* Task goal: The lines to retype run from the one containing "Interval after image 1: 0.5 seconds." through the end of the listing below. Reproduce them exactly, leaving out pictures.

* The records:
☆ ☆ ☆ ☆ ☆ ☆ ☆

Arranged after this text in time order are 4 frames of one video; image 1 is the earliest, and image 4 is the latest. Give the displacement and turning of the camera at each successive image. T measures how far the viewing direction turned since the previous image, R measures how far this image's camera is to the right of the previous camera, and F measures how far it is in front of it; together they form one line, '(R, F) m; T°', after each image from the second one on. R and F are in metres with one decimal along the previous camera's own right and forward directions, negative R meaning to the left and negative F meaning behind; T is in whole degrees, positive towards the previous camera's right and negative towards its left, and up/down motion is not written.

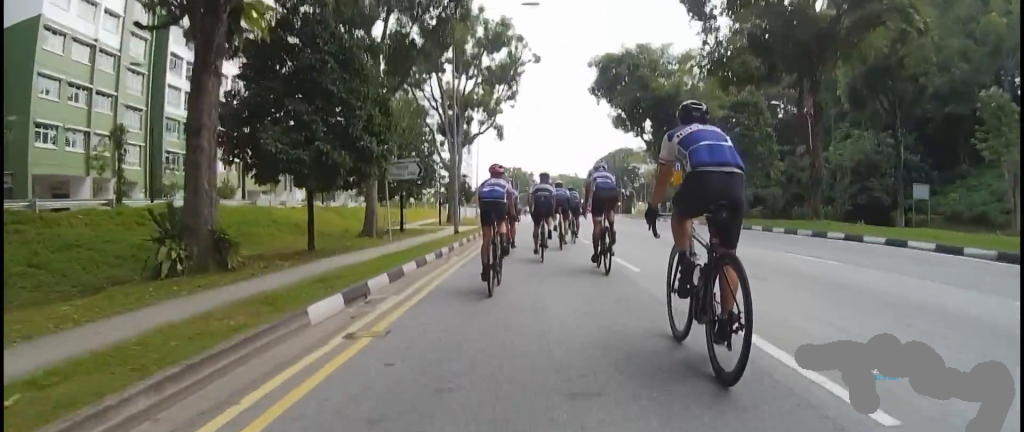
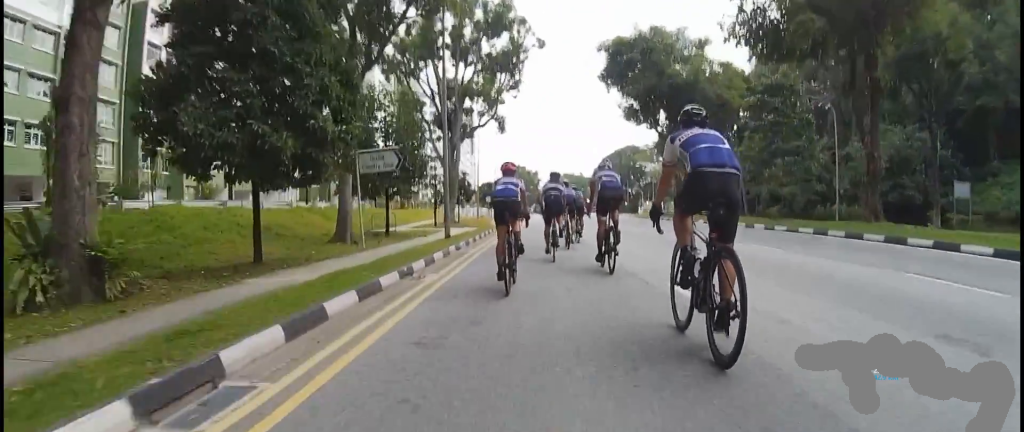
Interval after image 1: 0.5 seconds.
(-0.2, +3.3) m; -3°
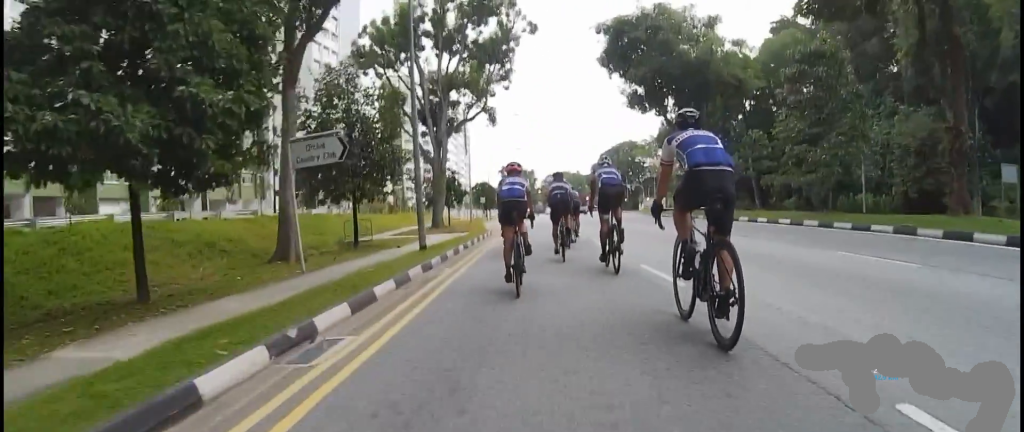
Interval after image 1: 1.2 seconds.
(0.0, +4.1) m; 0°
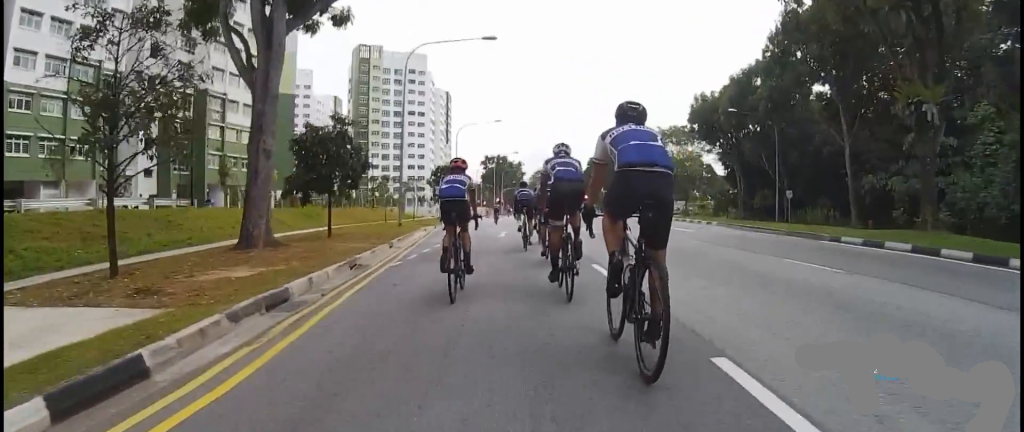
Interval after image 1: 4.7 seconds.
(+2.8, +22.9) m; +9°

☆ ☆ ☆ ☆ ☆ ☆ ☆

* Output:
Interval after image 1: 0.5 seconds.
(-0.2, +3.3) m; -3°
Interval after image 1: 1.2 seconds.
(0.0, +4.1) m; 0°
Interval after image 1: 4.7 seconds.
(+2.8, +22.9) m; +9°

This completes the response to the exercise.